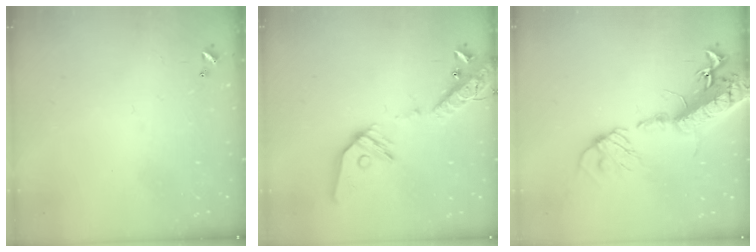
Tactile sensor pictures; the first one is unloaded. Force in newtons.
{"total": 18.3, "press": 17.9, "slide": 3.6}
{"total": 23.1, "press": 22.6, "slide": 4.7}
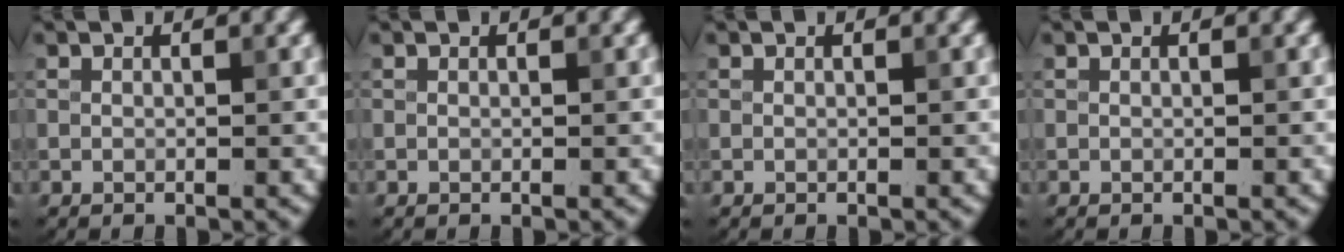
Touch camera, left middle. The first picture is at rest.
{"total": 0.0}
{"total": 0.0}
{"total": 0.0}
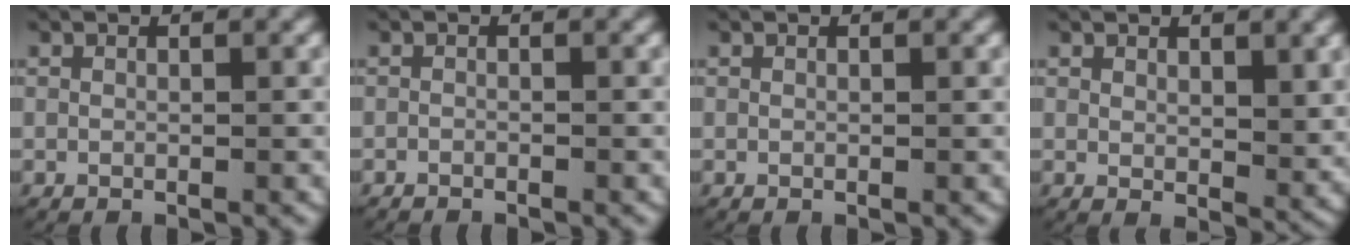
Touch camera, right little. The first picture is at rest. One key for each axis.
{"total": 0.8, "fx": -0.8, "fy": 0.1, "fz": 0.0, "tx": -0.003, "ty": -0.005, "tz": -0.014}
{"total": 0.0}
{"total": 1.9, "fx": 1.1, "fy": 0.8, "fz": 1.4, "tx": -0.017, "ty": -0.009, "tz": 0.024}
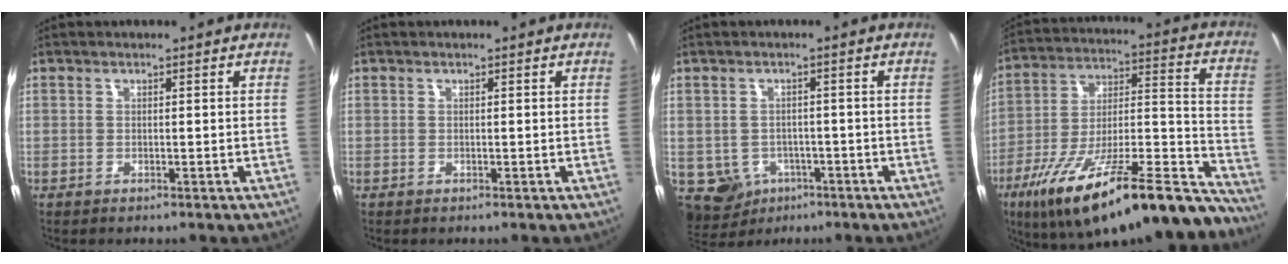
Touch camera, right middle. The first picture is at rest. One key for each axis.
{"total": 0.0}
{"total": 8.1, "fx": -3.3, "fy": 6.9, "fz": 2.7, "tx": -0.080, "ty": -0.008, "tz": -0.033}
{"total": 30.7, "fx": -22.5, "fy": 6.9, "fz": 19.7, "tx": -0.289, "ty": -0.023, "tz": -0.340}
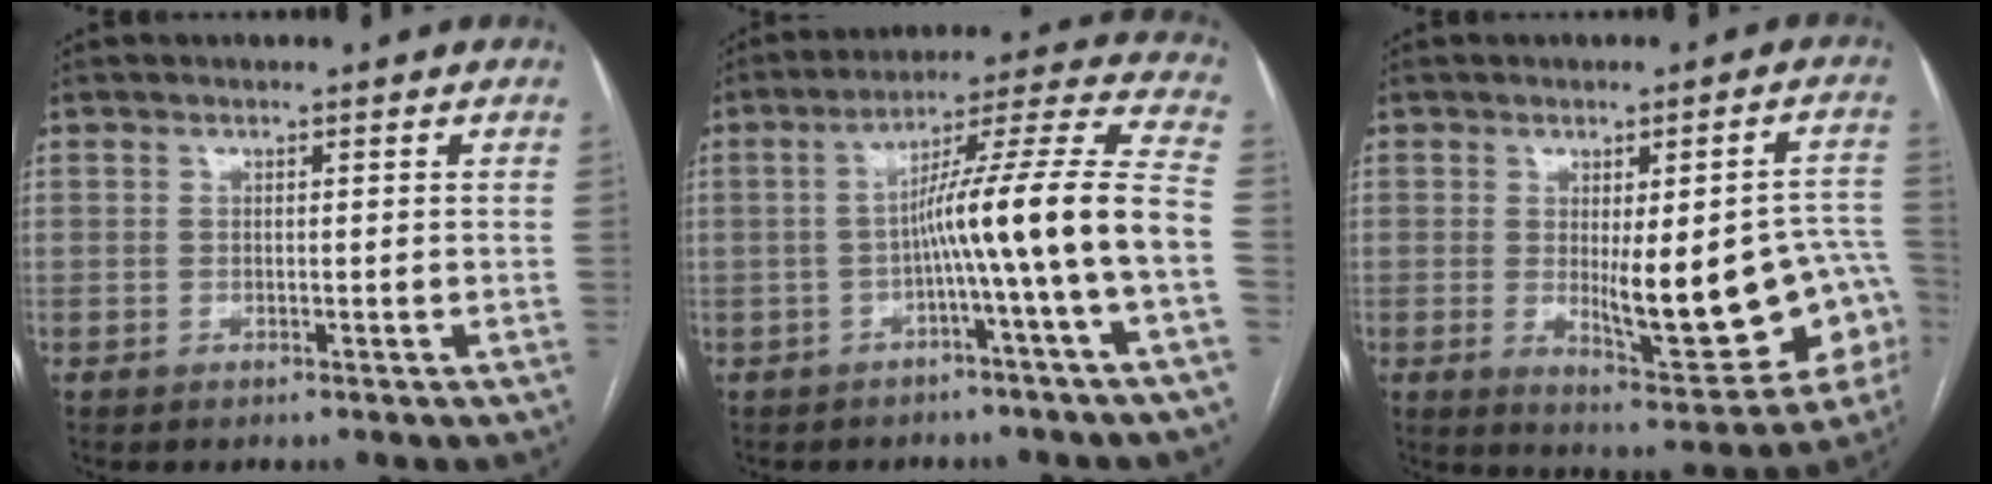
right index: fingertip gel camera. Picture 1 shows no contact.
{"total": 14.1, "force": [-3.4, -2.2, 13.5], "torque": [-0.193, 0.027, -0.059]}
{"total": 17.1, "force": [-2.8, 4.7, 16.2], "torque": [-0.157, 0.011, -0.015]}
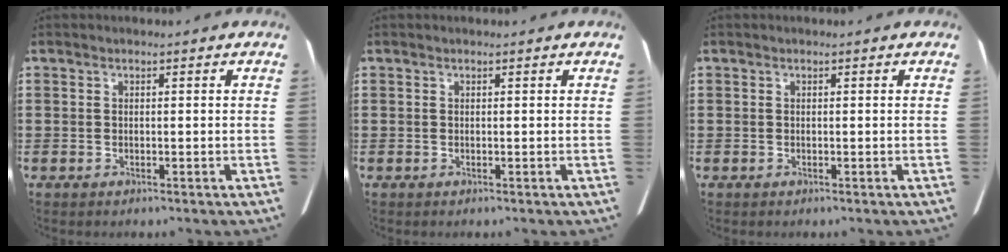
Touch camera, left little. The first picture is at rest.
{"total": 0.0}
{"total": 0.0}
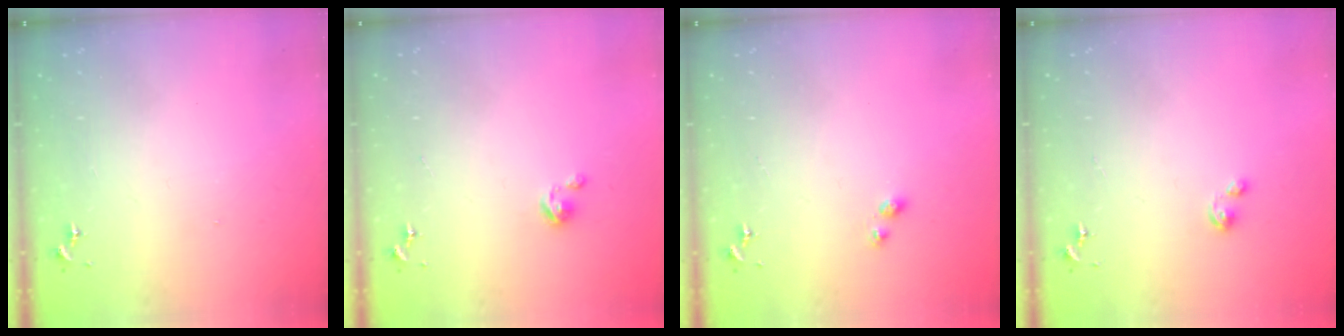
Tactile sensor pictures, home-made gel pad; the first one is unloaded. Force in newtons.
{"total": 3.3, "press": 3.3, "slide": 0.3}
{"total": 2.9, "press": 2.9, "slide": 0.5}
{"total": 3.0, "press": 3.0, "slide": 0.2}
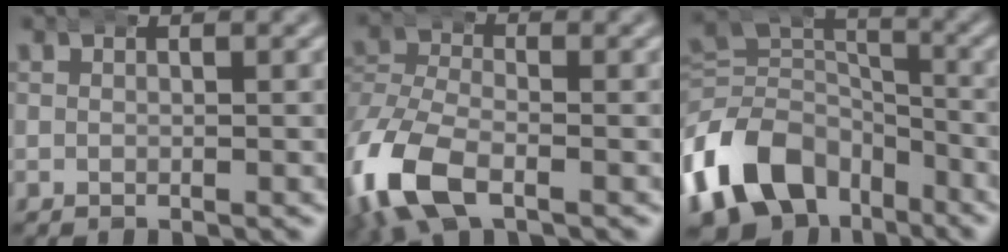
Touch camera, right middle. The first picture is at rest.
{"total": 6.5, "force": [-2.8, 4.1, 4.2], "torque": [-0.119, -0.022, -0.039]}
{"total": 11.1, "force": [-4.0, 8.7, 5.7], "torque": [-0.111, -0.045, -0.061]}
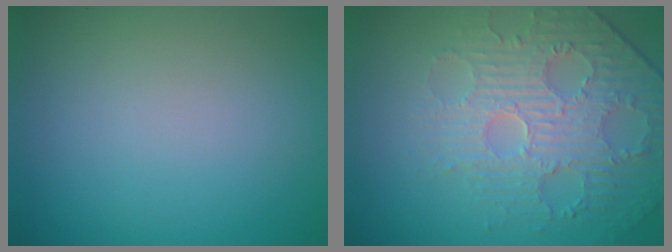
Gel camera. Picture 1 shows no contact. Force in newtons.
{"total": 4.4, "press": 4.3, "slide": 1.2}
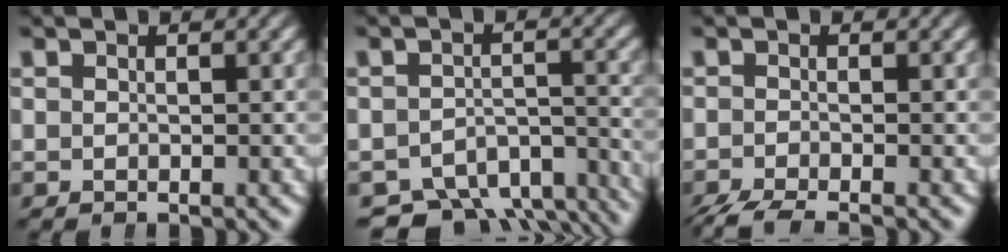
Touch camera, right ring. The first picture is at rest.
{"total": 8.4, "force": [-6.7, 3.9, 3.3], "torque": [-0.032, -0.022, -0.107]}
{"total": 3.6, "force": [-3.1, 1.1, 1.4], "torque": [-0.029, -0.018, -0.046]}
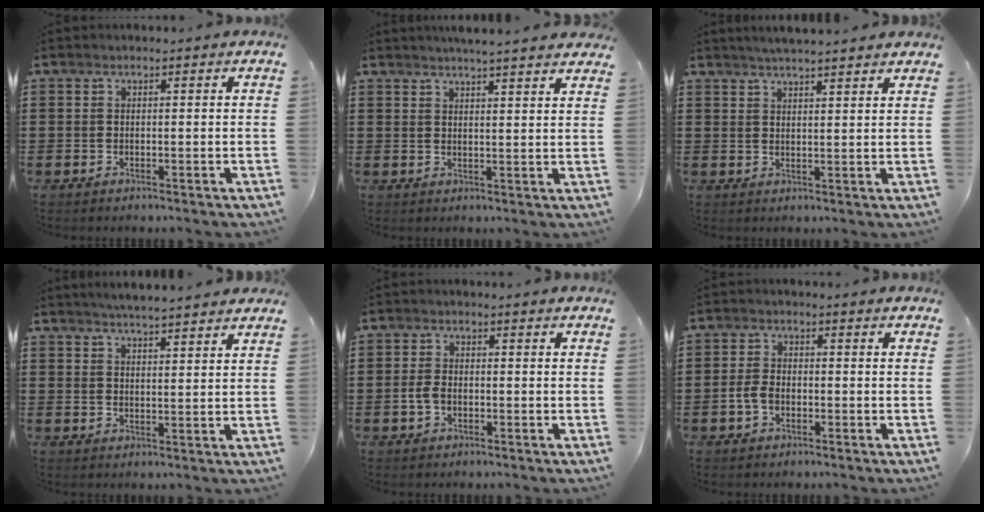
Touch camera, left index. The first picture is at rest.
{"total": 3.3, "force": [3.2, -0.4, 0.9], "torque": [-0.027, -0.008, 0.058]}
{"total": 3.0, "force": [2.9, -0.4, 0.7], "torque": [-0.021, -0.007, 0.052]}
{"total": 3.4, "force": [3.4, -0.3, 0.7], "torque": [-0.024, -0.011, 0.060]}
{"total": 2.5, "force": [-0.6, 1.5, 1.9], "torque": [-0.053, -0.004, -0.017]}
{"total": 3.1, "force": [-1.0, 1.9, 2.2], "torque": [-0.064, -0.005, -0.026]}
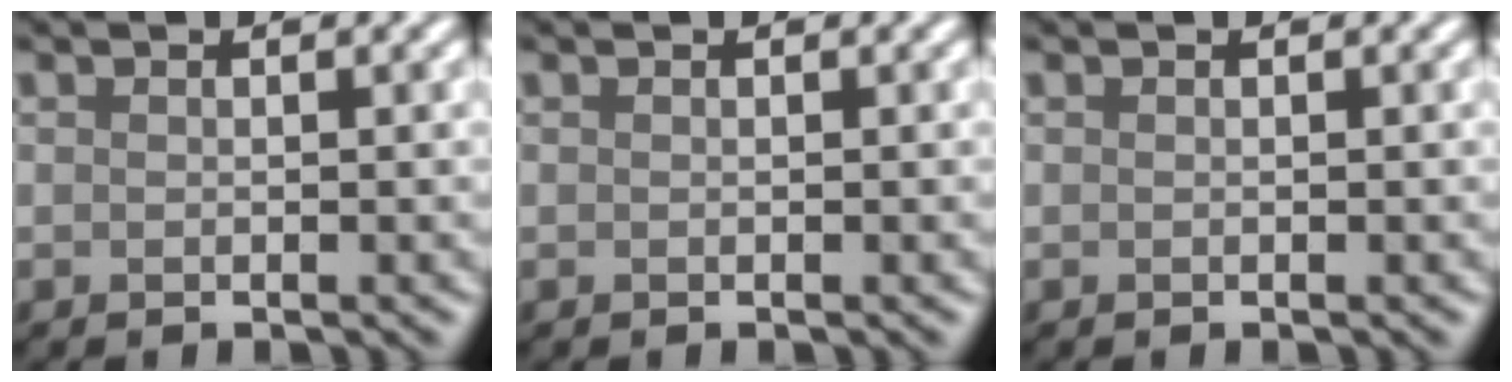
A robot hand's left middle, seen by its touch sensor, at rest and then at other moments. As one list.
[{"total": 0.0}, {"total": 0.0}]
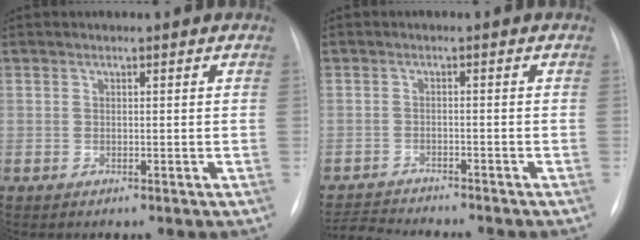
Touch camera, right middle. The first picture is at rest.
{"total": 7.6, "force": [-7.3, 0.1, 1.8], "torque": [-0.028, -0.008, -0.117]}

********************

▶ **What the task asks**: Each record should be written out exactly, and each image should be omitted.

▶ **Answer space**:
Tactile sensor pictures; the first one is unloaded. Force in newtons.
{"total": 18.3, "press": 17.9, "slide": 3.6}
{"total": 23.1, "press": 22.6, "slide": 4.7}
Touch camera, left middle. The first picture is at rest.
{"total": 0.0}
{"total": 0.0}
{"total": 0.0}
Touch camera, right little. The first picture is at rest. One key for each axis.
{"total": 0.8, "fx": -0.8, "fy": 0.1, "fz": 0.0, "tx": -0.003, "ty": -0.005, "tz": -0.014}
{"total": 0.0}
{"total": 1.9, "fx": 1.1, "fy": 0.8, "fz": 1.4, "tx": -0.017, "ty": -0.009, "tz": 0.024}
Touch camera, right middle. The first picture is at rest. One key for each axis.
{"total": 0.0}
{"total": 8.1, "fx": -3.3, "fy": 6.9, "fz": 2.7, "tx": -0.080, "ty": -0.008, "tz": -0.033}
{"total": 30.7, "fx": -22.5, "fy": 6.9, "fz": 19.7, "tx": -0.289, "ty": -0.023, "tz": -0.340}
right index: fingertip gel camera. Picture 1 shows no contact.
{"total": 14.1, "force": [-3.4, -2.2, 13.5], "torque": [-0.193, 0.027, -0.059]}
{"total": 17.1, "force": [-2.8, 4.7, 16.2], "torque": [-0.157, 0.011, -0.015]}
Touch camera, left little. The first picture is at rest.
{"total": 0.0}
{"total": 0.0}
Tactile sensor pictures, home-made gel pad; the first one is unloaded. Force in newtons.
{"total": 3.3, "press": 3.3, "slide": 0.3}
{"total": 2.9, "press": 2.9, "slide": 0.5}
{"total": 3.0, "press": 3.0, "slide": 0.2}
Touch camera, right middle. The first picture is at rest.
{"total": 6.5, "force": [-2.8, 4.1, 4.2], "torque": [-0.119, -0.022, -0.039]}
{"total": 11.1, "force": [-4.0, 8.7, 5.7], "torque": [-0.111, -0.045, -0.061]}
Gel camera. Picture 1 shows no contact. Force in newtons.
{"total": 4.4, "press": 4.3, "slide": 1.2}
Touch camera, right ring. The first picture is at rest.
{"total": 8.4, "force": [-6.7, 3.9, 3.3], "torque": [-0.032, -0.022, -0.107]}
{"total": 3.6, "force": [-3.1, 1.1, 1.4], "torque": [-0.029, -0.018, -0.046]}
Touch camera, left index. The first picture is at rest.
{"total": 3.3, "force": [3.2, -0.4, 0.9], "torque": [-0.027, -0.008, 0.058]}
{"total": 3.0, "force": [2.9, -0.4, 0.7], "torque": [-0.021, -0.007, 0.052]}
{"total": 3.4, "force": [3.4, -0.3, 0.7], "torque": [-0.024, -0.011, 0.060]}
{"total": 2.5, "force": [-0.6, 1.5, 1.9], "torque": [-0.053, -0.004, -0.017]}
{"total": 3.1, "force": [-1.0, 1.9, 2.2], "torque": [-0.064, -0.005, -0.026]}
A robot hand's left middle, seen by its touch sensor, at rest and then at other moments. As one list.
[{"total": 0.0}, {"total": 0.0}]
Touch camera, right middle. The first picture is at rest.
{"total": 7.6, "force": [-7.3, 0.1, 1.8], "torque": [-0.028, -0.008, -0.117]}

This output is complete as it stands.